■ **Data supplied**:
········
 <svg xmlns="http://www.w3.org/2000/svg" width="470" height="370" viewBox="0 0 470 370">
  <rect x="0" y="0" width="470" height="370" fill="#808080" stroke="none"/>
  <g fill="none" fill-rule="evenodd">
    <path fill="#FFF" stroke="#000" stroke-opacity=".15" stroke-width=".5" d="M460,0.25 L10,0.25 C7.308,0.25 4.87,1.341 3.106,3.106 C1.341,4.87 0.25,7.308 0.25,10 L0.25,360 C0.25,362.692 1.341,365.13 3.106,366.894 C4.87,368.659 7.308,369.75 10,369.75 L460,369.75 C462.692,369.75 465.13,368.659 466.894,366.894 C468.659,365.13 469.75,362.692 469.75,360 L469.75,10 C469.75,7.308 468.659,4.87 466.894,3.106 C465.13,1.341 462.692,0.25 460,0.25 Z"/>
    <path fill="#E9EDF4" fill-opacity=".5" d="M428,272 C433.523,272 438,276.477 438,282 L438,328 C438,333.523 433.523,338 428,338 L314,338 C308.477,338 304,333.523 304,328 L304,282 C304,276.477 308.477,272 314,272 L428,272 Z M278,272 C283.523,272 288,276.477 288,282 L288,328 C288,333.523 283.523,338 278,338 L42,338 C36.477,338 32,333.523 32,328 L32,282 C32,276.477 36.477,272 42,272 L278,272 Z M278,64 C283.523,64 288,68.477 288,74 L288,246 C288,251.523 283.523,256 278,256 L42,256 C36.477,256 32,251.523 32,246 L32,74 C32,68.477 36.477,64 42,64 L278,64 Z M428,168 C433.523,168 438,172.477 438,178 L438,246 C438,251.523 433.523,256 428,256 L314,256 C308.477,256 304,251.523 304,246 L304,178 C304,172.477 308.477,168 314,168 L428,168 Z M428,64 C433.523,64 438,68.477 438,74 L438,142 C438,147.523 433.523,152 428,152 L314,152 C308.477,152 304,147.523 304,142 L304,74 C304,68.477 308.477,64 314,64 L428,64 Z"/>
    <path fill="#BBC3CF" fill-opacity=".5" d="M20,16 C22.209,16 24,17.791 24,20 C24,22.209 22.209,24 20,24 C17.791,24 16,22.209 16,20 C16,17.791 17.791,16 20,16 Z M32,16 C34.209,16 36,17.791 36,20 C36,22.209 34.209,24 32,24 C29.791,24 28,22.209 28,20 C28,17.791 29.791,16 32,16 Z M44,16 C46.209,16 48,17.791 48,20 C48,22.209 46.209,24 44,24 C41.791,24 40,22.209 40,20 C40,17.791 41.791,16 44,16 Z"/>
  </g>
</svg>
········
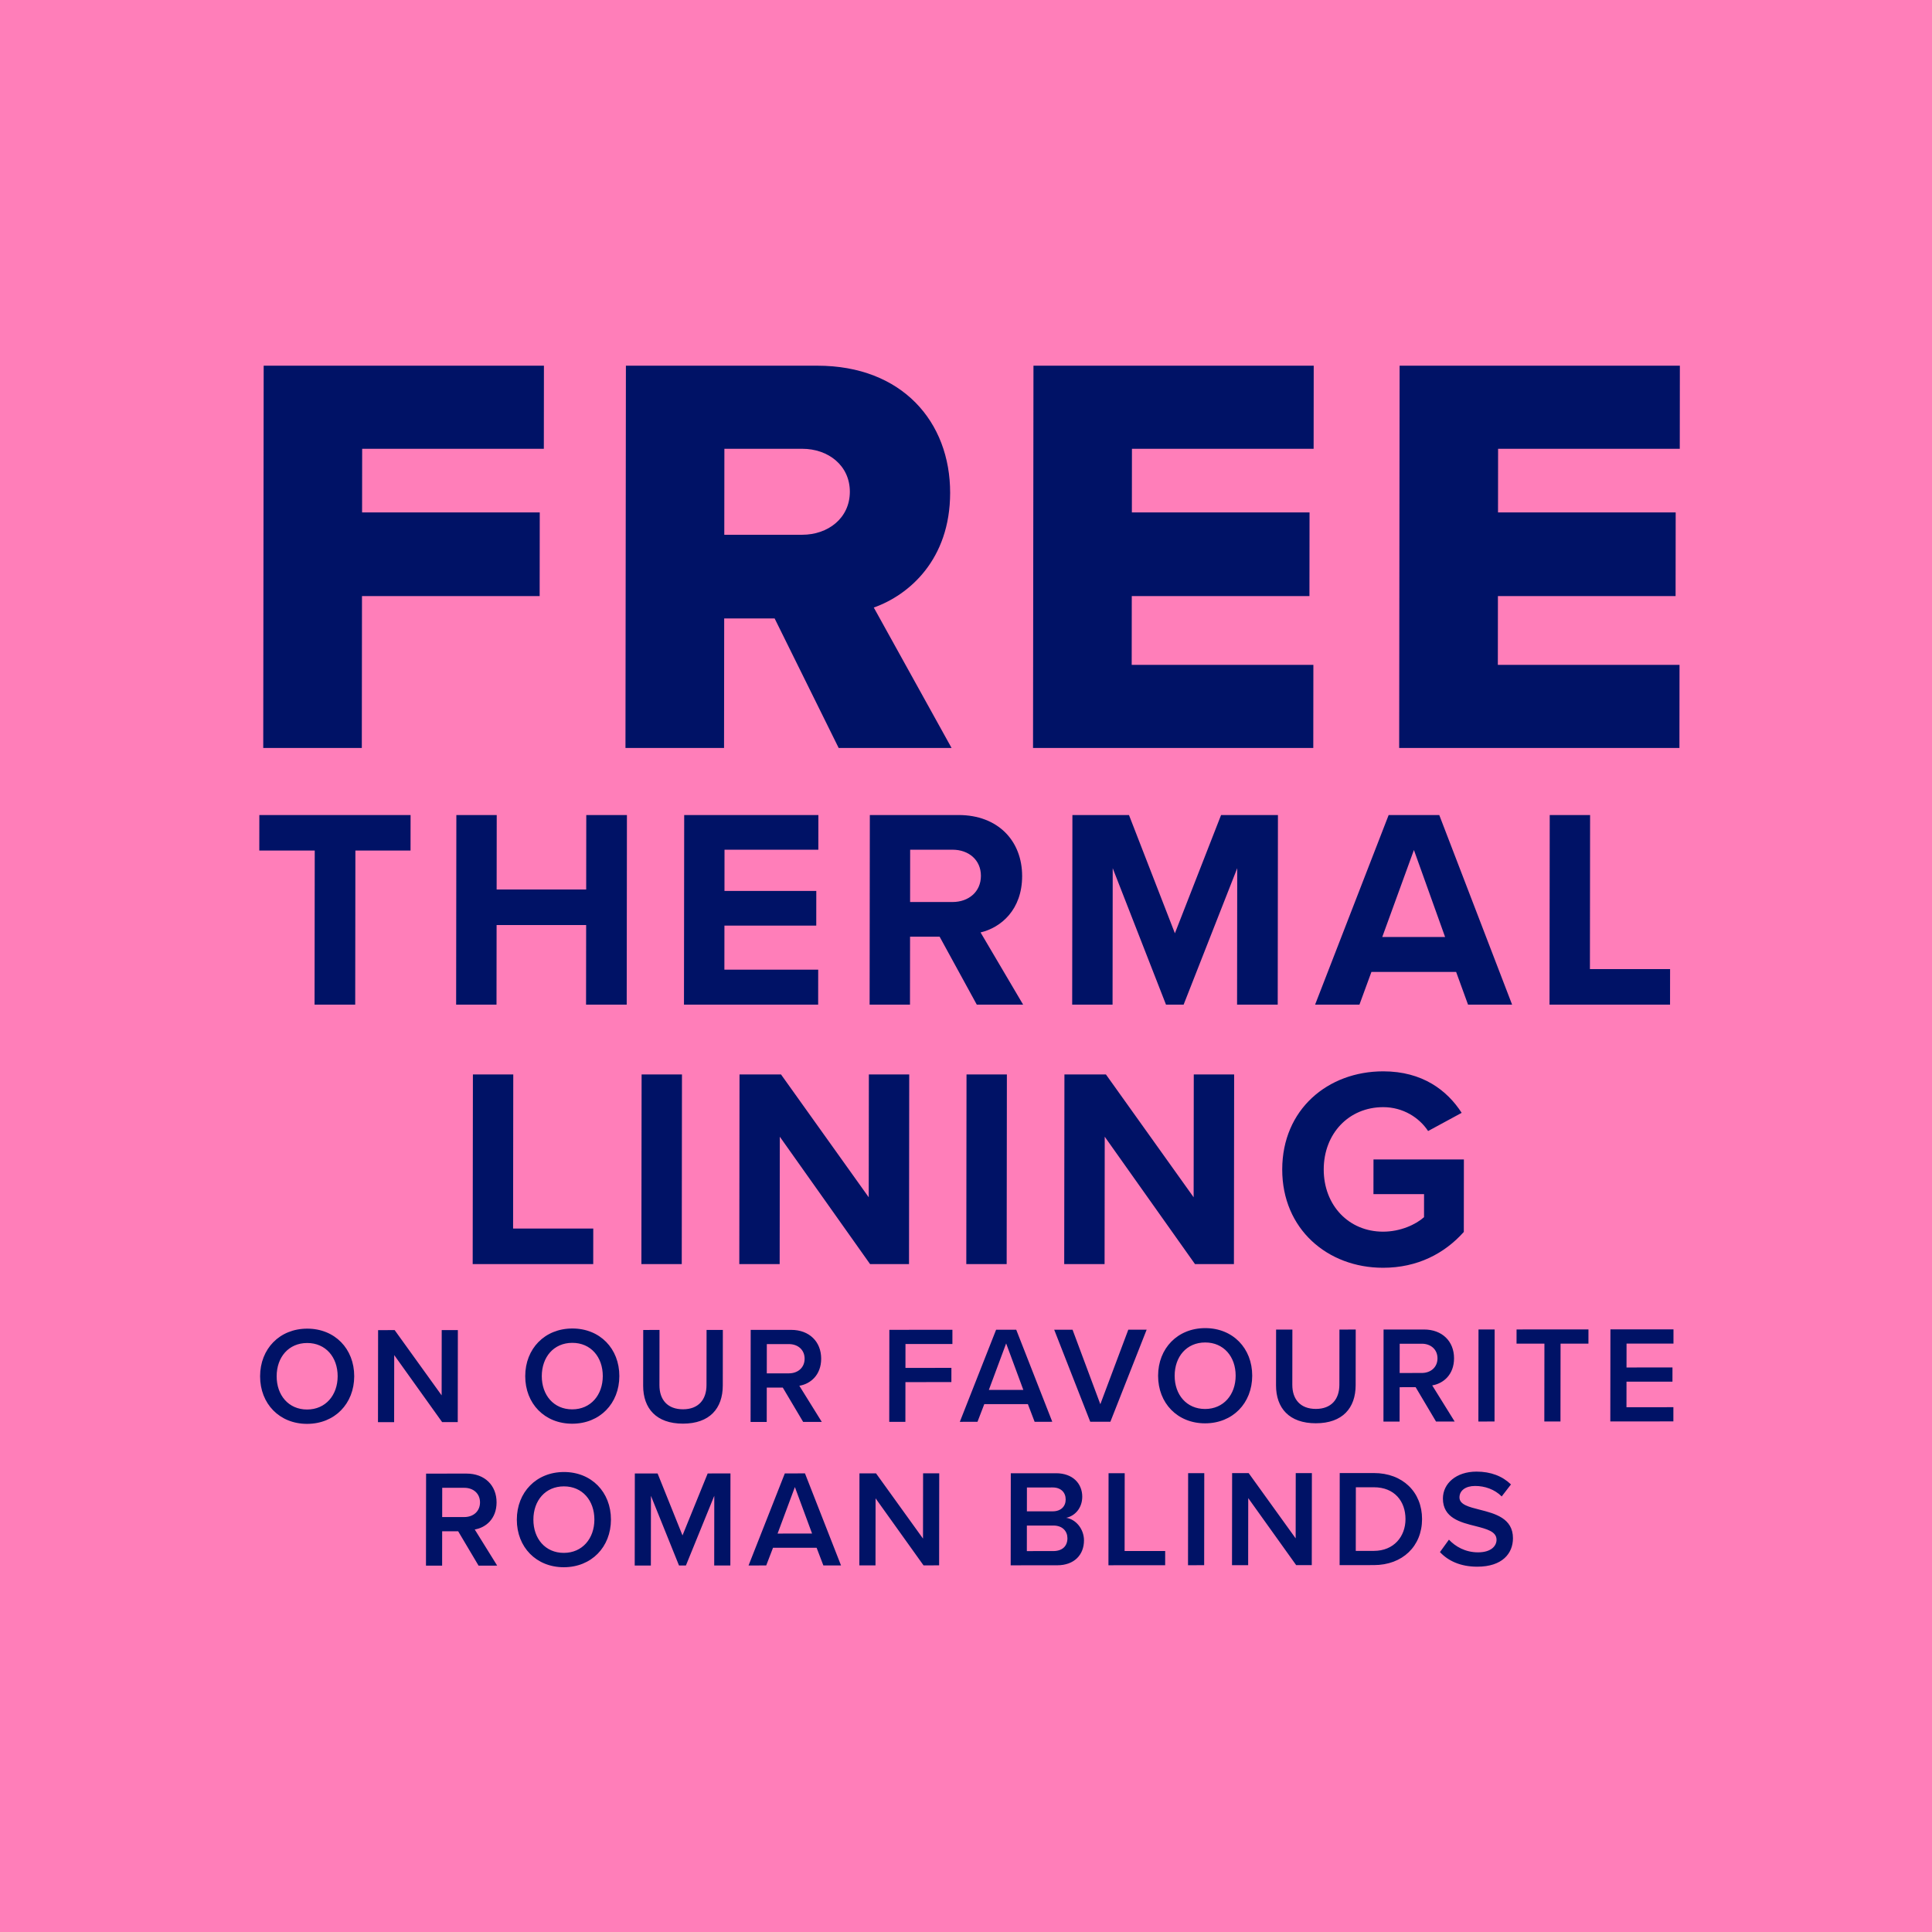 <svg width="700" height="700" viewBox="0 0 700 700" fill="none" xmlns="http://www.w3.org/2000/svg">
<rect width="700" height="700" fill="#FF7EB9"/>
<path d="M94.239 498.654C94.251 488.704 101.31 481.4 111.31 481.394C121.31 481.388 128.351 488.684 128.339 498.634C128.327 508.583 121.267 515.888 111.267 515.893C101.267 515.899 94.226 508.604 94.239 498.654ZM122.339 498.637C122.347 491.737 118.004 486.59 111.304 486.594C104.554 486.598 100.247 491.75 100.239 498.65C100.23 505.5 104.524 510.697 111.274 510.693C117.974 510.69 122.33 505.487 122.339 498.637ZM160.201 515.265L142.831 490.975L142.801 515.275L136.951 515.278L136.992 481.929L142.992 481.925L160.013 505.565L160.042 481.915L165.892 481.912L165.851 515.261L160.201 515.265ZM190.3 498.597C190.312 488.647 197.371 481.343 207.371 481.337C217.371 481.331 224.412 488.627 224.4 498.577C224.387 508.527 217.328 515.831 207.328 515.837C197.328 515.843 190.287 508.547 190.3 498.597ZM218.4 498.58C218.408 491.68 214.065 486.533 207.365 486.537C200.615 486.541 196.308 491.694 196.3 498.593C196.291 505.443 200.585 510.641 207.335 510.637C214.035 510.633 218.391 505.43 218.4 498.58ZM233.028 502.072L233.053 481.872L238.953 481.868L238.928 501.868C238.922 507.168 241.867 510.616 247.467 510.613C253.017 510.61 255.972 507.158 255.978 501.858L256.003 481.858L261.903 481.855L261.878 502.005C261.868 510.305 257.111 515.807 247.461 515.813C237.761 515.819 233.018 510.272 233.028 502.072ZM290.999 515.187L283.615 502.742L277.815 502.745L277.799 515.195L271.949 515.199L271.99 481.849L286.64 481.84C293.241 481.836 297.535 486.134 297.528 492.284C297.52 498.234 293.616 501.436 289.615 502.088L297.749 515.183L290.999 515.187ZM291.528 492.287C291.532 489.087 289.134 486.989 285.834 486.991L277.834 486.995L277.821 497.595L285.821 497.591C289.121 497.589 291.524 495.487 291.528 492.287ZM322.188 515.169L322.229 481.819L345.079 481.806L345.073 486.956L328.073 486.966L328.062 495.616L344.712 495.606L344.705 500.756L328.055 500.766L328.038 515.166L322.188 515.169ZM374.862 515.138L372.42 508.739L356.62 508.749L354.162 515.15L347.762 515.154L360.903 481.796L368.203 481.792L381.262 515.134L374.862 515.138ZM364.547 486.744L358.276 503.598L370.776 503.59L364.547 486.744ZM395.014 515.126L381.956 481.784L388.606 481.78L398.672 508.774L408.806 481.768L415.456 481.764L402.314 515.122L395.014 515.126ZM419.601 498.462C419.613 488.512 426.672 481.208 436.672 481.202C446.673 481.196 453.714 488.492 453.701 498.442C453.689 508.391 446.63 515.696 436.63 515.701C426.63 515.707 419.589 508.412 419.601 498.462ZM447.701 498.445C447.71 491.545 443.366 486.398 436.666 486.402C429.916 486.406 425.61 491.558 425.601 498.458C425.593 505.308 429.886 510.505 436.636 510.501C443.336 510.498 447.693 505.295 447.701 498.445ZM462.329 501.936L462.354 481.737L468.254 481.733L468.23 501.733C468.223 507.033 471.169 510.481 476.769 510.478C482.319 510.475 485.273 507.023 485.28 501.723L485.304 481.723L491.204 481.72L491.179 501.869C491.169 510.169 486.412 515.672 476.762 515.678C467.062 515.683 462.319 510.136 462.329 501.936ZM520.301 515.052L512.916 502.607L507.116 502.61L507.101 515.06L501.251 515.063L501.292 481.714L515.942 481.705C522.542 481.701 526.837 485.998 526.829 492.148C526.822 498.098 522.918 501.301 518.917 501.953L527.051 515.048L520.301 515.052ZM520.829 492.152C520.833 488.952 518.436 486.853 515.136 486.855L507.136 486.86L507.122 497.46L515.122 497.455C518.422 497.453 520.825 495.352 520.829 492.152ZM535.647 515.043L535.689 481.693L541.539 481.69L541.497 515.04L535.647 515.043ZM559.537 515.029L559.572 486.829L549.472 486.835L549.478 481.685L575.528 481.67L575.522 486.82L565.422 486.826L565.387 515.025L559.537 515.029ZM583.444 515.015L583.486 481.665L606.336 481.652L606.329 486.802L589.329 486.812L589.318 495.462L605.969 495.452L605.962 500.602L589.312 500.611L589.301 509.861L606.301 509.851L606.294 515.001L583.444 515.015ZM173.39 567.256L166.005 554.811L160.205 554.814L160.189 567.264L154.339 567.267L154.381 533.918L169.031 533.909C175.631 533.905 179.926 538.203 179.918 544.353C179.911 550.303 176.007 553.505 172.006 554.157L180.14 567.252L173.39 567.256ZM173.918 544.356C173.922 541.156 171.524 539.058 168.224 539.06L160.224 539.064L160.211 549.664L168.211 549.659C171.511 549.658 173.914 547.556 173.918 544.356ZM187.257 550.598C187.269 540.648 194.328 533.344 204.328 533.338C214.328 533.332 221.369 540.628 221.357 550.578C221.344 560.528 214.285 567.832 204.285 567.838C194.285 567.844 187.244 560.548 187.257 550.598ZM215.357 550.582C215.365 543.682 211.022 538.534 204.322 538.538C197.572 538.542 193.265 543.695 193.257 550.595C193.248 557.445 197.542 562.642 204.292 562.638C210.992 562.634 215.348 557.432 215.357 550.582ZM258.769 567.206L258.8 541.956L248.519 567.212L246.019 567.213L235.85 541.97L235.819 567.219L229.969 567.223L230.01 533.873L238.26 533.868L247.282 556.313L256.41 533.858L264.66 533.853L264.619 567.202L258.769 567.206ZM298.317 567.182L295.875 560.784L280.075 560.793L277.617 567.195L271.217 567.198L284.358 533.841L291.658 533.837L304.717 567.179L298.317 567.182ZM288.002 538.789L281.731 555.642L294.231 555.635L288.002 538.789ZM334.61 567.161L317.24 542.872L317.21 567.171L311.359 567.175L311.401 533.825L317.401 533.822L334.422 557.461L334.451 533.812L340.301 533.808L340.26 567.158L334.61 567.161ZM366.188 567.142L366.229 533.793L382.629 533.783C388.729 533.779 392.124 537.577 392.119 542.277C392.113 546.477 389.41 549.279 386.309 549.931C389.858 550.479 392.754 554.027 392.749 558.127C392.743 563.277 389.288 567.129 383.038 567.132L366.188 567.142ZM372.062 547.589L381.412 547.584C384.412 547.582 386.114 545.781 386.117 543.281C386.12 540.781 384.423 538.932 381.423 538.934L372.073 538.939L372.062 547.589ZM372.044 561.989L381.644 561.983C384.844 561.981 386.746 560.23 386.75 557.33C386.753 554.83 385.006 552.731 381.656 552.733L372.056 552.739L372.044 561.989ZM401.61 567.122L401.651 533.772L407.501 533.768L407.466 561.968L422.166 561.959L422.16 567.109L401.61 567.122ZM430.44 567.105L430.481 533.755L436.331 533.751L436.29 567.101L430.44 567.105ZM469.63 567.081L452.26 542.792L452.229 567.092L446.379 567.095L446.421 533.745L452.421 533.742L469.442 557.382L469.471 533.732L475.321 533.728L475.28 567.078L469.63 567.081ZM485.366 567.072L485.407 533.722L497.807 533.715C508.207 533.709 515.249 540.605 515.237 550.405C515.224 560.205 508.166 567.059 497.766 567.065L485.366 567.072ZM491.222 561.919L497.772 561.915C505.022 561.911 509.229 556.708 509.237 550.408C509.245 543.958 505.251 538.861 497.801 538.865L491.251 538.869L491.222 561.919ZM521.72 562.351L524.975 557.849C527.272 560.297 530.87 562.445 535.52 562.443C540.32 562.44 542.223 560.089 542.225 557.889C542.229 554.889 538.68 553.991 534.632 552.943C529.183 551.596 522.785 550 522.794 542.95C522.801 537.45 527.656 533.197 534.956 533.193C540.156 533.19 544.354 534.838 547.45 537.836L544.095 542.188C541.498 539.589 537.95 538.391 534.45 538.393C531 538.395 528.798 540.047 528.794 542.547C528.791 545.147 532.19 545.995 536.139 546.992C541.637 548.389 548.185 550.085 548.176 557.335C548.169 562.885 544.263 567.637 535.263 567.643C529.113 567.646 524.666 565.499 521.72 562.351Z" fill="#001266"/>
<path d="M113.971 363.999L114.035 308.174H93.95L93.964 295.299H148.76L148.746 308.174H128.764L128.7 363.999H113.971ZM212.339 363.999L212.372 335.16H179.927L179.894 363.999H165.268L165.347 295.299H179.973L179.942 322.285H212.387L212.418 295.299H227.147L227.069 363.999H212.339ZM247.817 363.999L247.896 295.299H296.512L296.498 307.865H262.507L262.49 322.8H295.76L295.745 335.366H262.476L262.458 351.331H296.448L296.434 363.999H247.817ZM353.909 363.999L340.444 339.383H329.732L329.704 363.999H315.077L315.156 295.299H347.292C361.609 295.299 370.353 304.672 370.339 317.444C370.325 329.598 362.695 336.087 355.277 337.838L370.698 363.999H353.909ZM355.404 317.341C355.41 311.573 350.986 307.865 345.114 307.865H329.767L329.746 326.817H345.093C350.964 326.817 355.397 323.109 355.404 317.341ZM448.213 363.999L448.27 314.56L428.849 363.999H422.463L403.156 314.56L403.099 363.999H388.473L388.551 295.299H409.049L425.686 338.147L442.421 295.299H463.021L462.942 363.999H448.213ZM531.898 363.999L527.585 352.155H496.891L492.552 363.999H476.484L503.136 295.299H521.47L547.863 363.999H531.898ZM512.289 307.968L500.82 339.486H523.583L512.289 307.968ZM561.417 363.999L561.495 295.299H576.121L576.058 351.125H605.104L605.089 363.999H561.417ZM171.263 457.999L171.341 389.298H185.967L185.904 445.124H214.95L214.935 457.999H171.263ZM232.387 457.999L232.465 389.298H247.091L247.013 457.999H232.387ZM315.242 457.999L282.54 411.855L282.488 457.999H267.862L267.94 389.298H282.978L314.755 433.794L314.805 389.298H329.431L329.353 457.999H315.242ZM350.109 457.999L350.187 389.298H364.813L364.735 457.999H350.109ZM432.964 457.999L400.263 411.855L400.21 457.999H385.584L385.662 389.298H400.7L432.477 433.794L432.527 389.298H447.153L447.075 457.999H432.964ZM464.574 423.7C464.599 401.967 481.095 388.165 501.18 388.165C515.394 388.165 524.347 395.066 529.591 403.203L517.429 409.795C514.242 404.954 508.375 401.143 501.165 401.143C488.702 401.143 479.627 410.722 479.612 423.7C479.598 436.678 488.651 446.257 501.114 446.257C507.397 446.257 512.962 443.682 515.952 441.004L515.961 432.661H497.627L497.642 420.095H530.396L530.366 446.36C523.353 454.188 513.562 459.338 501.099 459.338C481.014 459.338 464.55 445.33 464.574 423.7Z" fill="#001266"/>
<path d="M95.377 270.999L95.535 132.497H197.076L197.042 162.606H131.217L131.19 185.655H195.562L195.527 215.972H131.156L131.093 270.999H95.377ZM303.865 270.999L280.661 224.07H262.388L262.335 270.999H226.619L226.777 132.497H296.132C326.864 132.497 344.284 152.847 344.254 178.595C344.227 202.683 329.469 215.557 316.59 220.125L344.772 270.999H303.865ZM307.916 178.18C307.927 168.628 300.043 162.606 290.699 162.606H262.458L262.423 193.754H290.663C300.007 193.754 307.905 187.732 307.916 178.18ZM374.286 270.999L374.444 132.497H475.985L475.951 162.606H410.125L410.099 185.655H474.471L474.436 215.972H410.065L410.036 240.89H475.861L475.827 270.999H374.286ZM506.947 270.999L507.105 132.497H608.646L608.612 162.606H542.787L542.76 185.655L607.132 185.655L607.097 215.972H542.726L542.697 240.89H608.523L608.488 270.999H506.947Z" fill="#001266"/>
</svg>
········
In the lines above, find each one with "stroke" and list it.

  <rect x="0" y="0" width="470" height="370" fill="#808080" stroke="none"/>
    <path fill="#FFF" stroke="#000" stroke-opacity=".15" stroke-width=".5" d="M460,0.25 L10,0.25 C7.308,0.25 4.87,1.341 3.106,3.106 C1.341,4.87 0.25,7.308 0.25,10 L0.25,360 C0.25,362.692 1.341,365.13 3.106,366.894 C4.87,368.659 7.308,369.75 10,369.75 L460,369.75 C462.692,369.75 465.13,368.659 466.894,366.894 C468.659,365.13 469.75,362.692 469.75,360 L469.75,10 C469.75,7.308 468.659,4.87 466.894,3.106 C465.13,1.341 462.692,0.25 460,0.25 Z"/>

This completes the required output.